*** Block opens ***

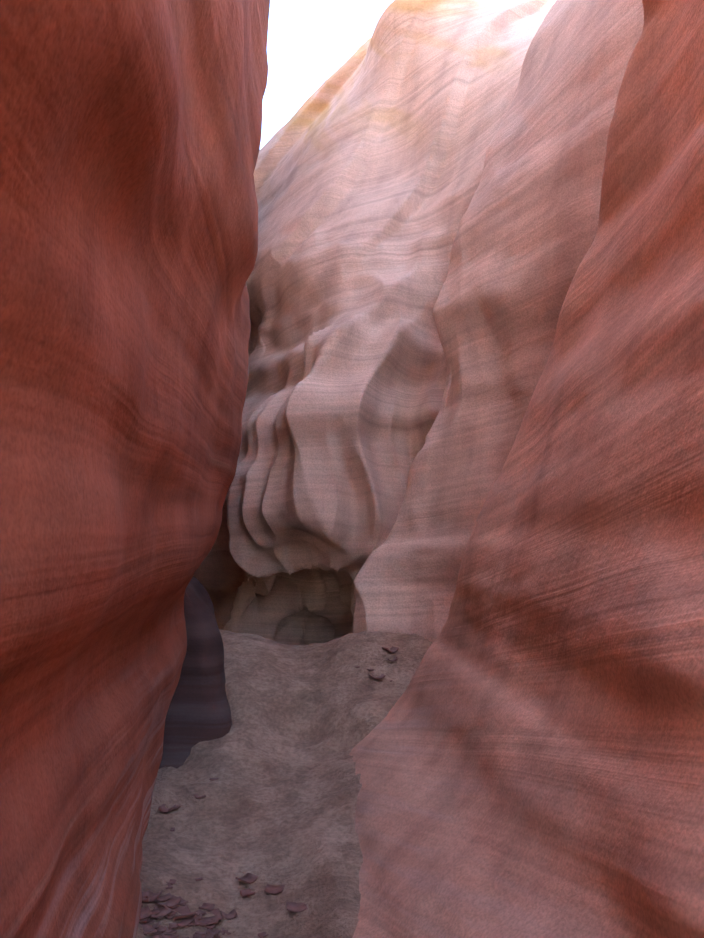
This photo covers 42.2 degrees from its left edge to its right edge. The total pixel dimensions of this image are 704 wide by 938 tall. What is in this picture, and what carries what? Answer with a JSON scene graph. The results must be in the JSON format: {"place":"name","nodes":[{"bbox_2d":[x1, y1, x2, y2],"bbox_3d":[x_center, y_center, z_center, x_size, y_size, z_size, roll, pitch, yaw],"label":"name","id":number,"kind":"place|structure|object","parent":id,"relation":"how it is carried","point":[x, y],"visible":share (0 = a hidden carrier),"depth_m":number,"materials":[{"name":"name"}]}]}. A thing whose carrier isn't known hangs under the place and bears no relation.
{"place":"outdoors","nodes":[
{"label":"outdoors","id":0,"kind":"place"},
{"bbox_2d":[0,0,269,937],"bbox_3d":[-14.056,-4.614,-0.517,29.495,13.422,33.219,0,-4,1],"label":"canyon wall","id":1,"kind":"structure","parent":0,"point":[130,136],"depth_m":1.92,"materials":[{"name":"stone"}]},
{"bbox_2d":[136,629,431,937],"bbox_3d":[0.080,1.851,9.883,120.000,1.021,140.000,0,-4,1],"label":"canyon floor","id":2,"kind":"structure","parent":0,"point":[276,806],"depth_m":4.34,"materials":[{"name":"sand"}]},
{"bbox_2d":[139,646,398,937],"bbox_3d":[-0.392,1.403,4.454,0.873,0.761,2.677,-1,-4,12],"label":"rocks","id":3,"kind":"object","parent":2,"relation":"on","point":[172,902],"visible":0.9,"depth_m":3.39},
{"bbox_2d":[260,0,393,148],"label":"sky","id":4,"kind":"structure","parent":0,"point":[308,41],"materials":[{"name":"white"}]},
{"bbox_2d":[193,0,703,937],"bbox_3d":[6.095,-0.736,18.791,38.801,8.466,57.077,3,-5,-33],"label":"canyon wall","id":5,"kind":"structure","parent":0,"point":[473,434],"depth_m":4.41,"materials":[{"name":"stone"}]}
]}

*** Block closes ***

▸ **AIM OF THE EXERCISE**
Reproduce every entry exactly; images stay out.

▸ **ANSWER TO THIS TASK**
This photo covers 42.2 degrees from its left edge to its right edge. The total pixel dimensions of this image are 704 wide by 938 tall. What is in this picture, and what carries what? Answer with a JSON scene graph. The results must be in the JSON format: {"place":"name","nodes":[{"bbox_2d":[x1, y1, x2, y2],"bbox_3d":[x_center, y_center, z_center, x_size, y_size, z_size, roll, pitch, yaw],"label":"name","id":number,"kind":"place|structure|object","parent":id,"relation":"how it is carried","point":[x, y],"visible":share (0 = a hidden carrier),"depth_m":number,"materials":[{"name":"name"}]}]}. A thing whose carrier isn't known hangs under the place and bears no relation.
{"place":"outdoors","nodes":[
{"label":"outdoors","id":0,"kind":"place"},
{"bbox_2d":[0,0,269,937],"bbox_3d":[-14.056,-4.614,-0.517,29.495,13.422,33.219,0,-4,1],"label":"canyon wall","id":1,"kind":"structure","parent":0,"point":[130,136],"depth_m":1.92,"materials":[{"name":"stone"}]},
{"bbox_2d":[136,629,431,937],"bbox_3d":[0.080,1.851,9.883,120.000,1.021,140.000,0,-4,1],"label":"canyon floor","id":2,"kind":"structure","parent":0,"point":[276,806],"depth_m":4.34,"materials":[{"name":"sand"}]},
{"bbox_2d":[139,646,398,937],"bbox_3d":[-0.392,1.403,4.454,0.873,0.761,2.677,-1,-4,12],"label":"rocks","id":3,"kind":"object","parent":2,"relation":"on","point":[172,902],"visible":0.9,"depth_m":3.39},
{"bbox_2d":[260,0,393,148],"label":"sky","id":4,"kind":"structure","parent":0,"point":[308,41],"materials":[{"name":"white"}]},
{"bbox_2d":[193,0,703,937],"bbox_3d":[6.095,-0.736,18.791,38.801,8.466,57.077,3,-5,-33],"label":"canyon wall","id":5,"kind":"structure","parent":0,"point":[473,434],"depth_m":4.41,"materials":[{"name":"stone"}]}
]}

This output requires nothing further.